Elizabeth Stone, English professor at UCL, has long lived on ‘paper and words and thin air’. Single, friendless, dessicated, respected, she passes out during a faculty meeting and wakes to find herself ‘attached by a chain of spit to her own cardigan’. A brain tumour is diagnosed, and removed. Expecting death, Elizabeth receives the news that her treatment was apparently successful as a gift: ‘Time had been returned to her.’ She takes her bravest decision in 30 years and goes back to ‘the city of books’ where, as an undergraduate, she had the only profound emotional experience of her adult life.
When Elizabeth was seven, her unstable mother disappeared, leaving her only child forever feeling ‘halved, like a house fallen into the sea’. Unsympathetically fostered, she sought companionship and refuge in books. From the hour of her admission interview at Oxford (for so it is, though it’s never named), Elizabeth is in thrall to her tutor and mentor, Edward Hunt, an unprofessorial northerner in jeans and bovver boots who loves Bach and Joy Division, and whose room is crammed with books, ‘amorously interleaved, rudely splayed or tightly bound… whispering, confidential… spine to secret spine’. To Elizabeth, her task is clear: ‘He had locked her in a chamber filled with straw which it befell her to spin into gold.’ She has to be the best student Edward has ever taught.

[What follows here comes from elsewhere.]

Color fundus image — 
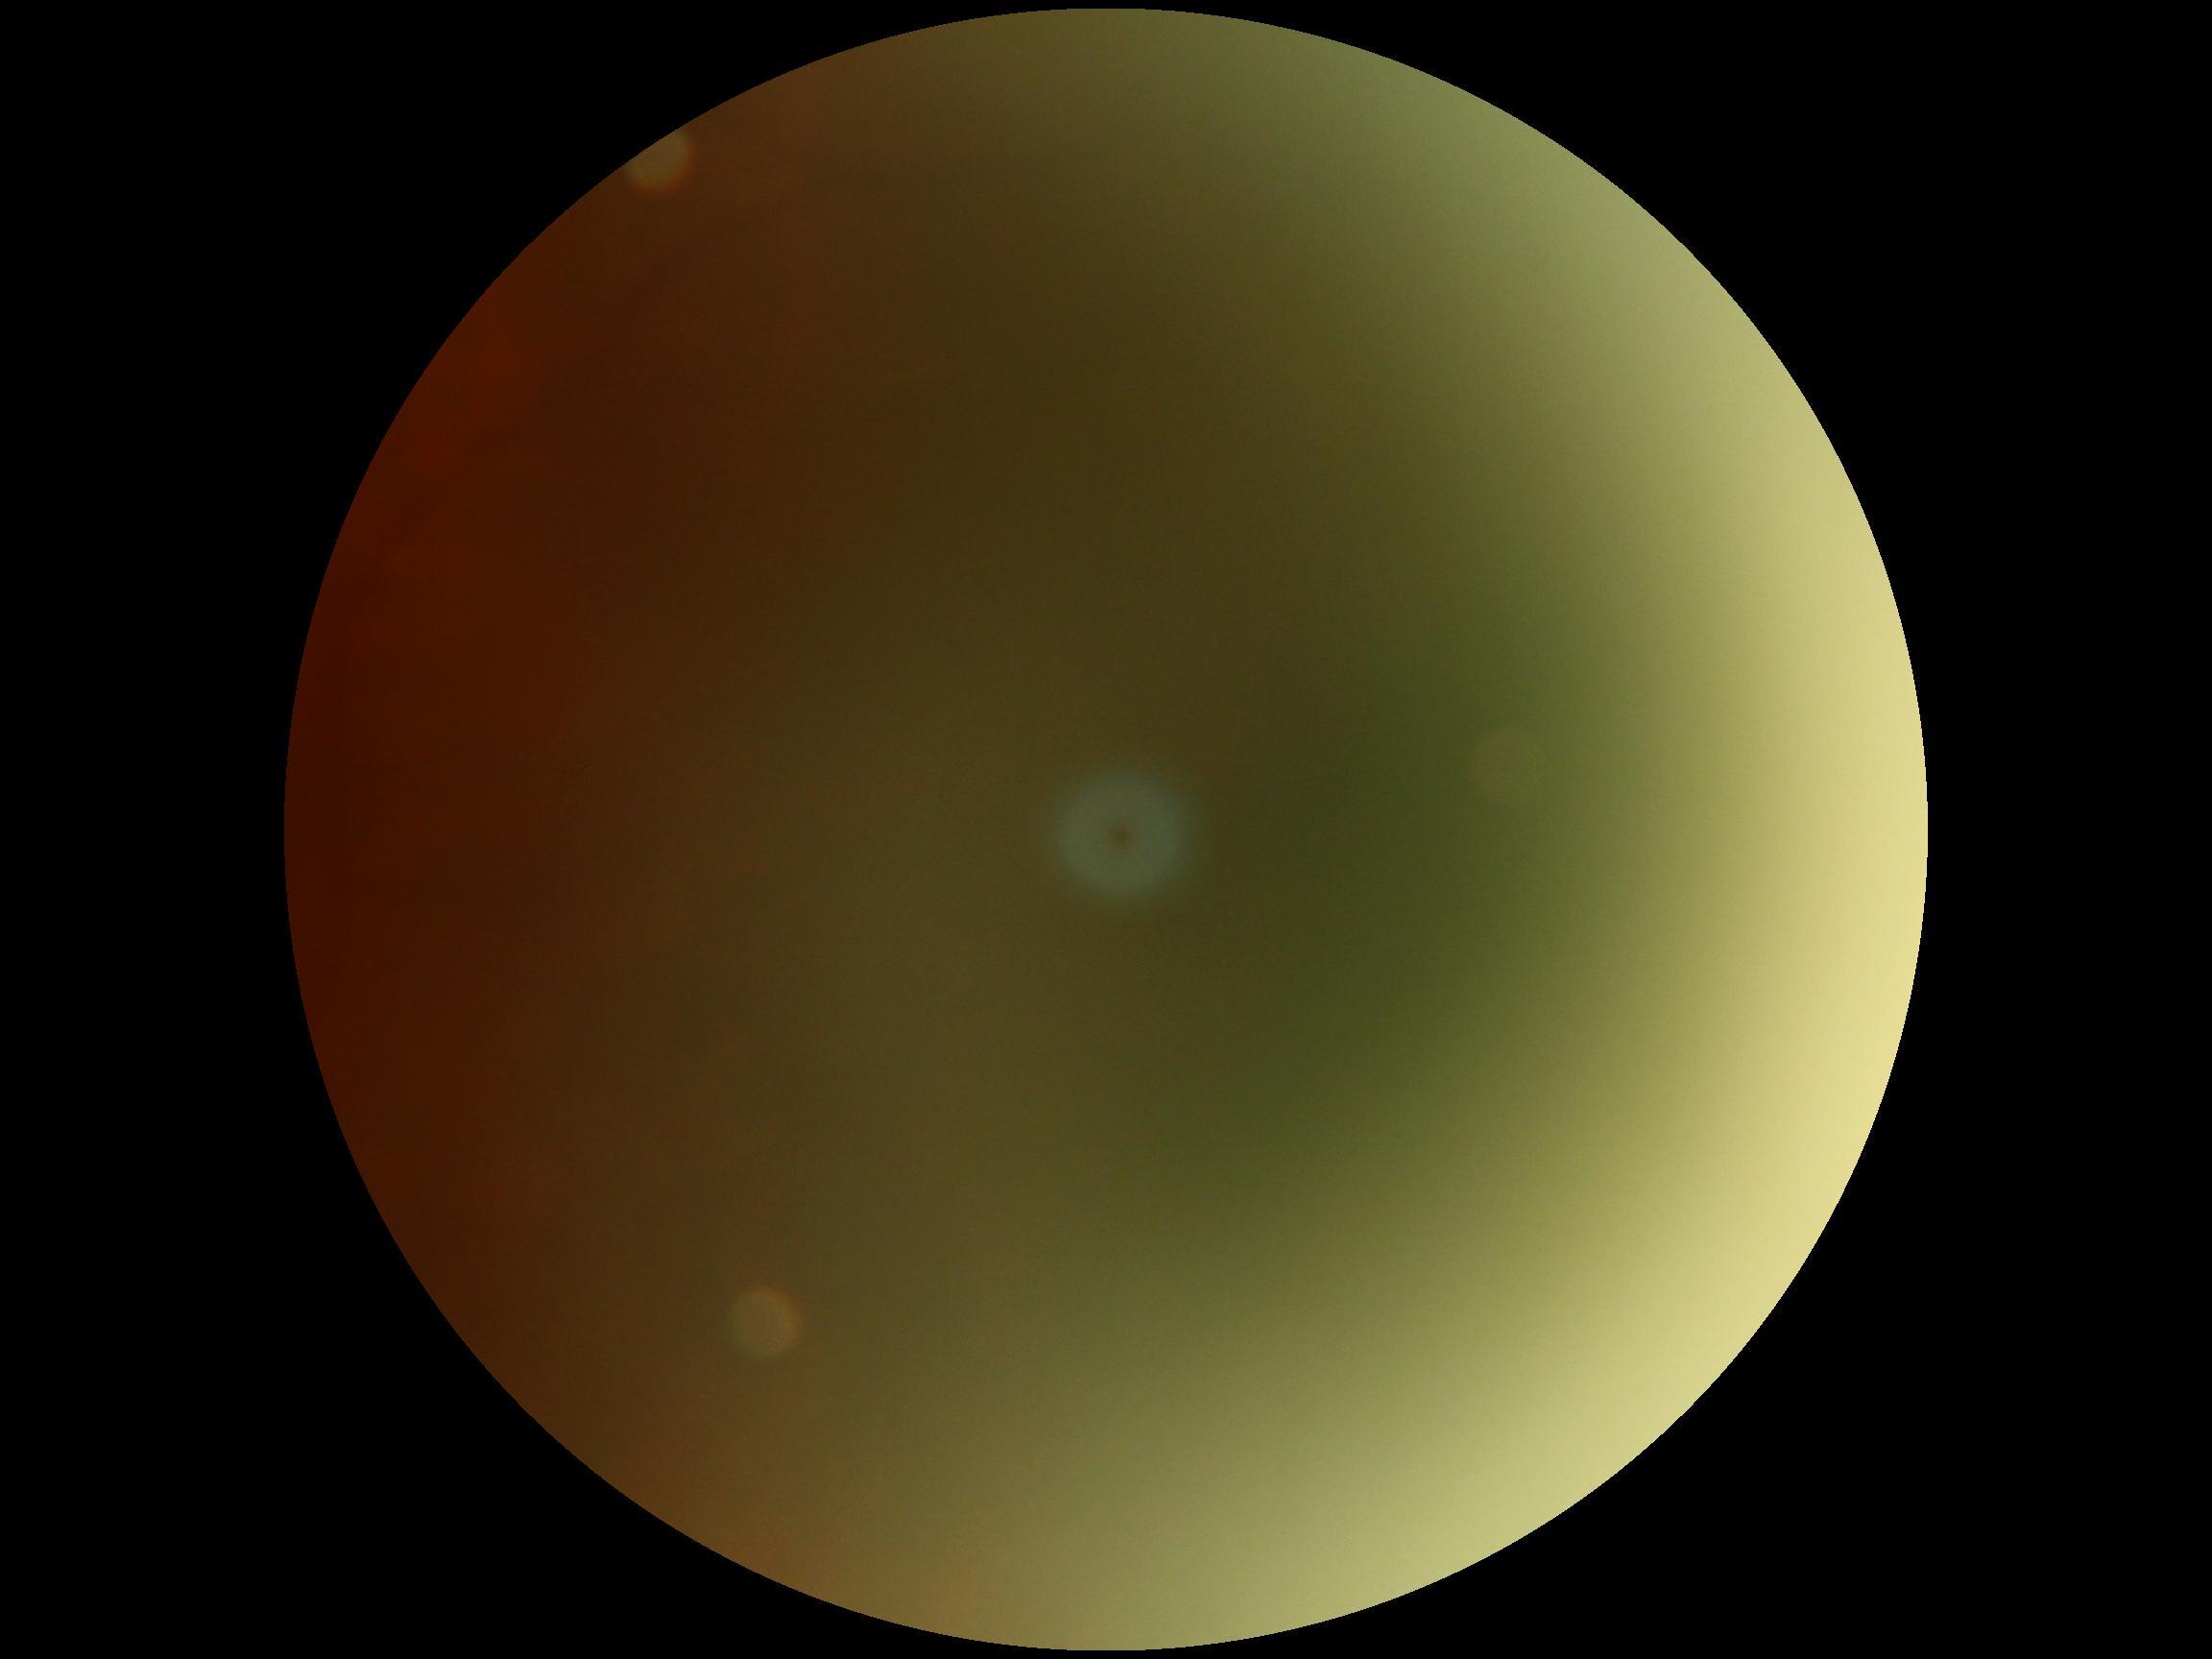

What follows is an intense study of aloneness, at times both moving and beautiful. The ageing Elizabeth’s quest for academic gold is given fresh urgency by the tumour; she renews contact with Hunt (both surnames are resonant) and is belatedly, agonisingly, forced to confront the emotions she has systematically denied herself. I’m reminded of The Remains of the Day; there’s a small debt to Mrs Dalloway, too, and perhaps a whiff of Finnegans Wake.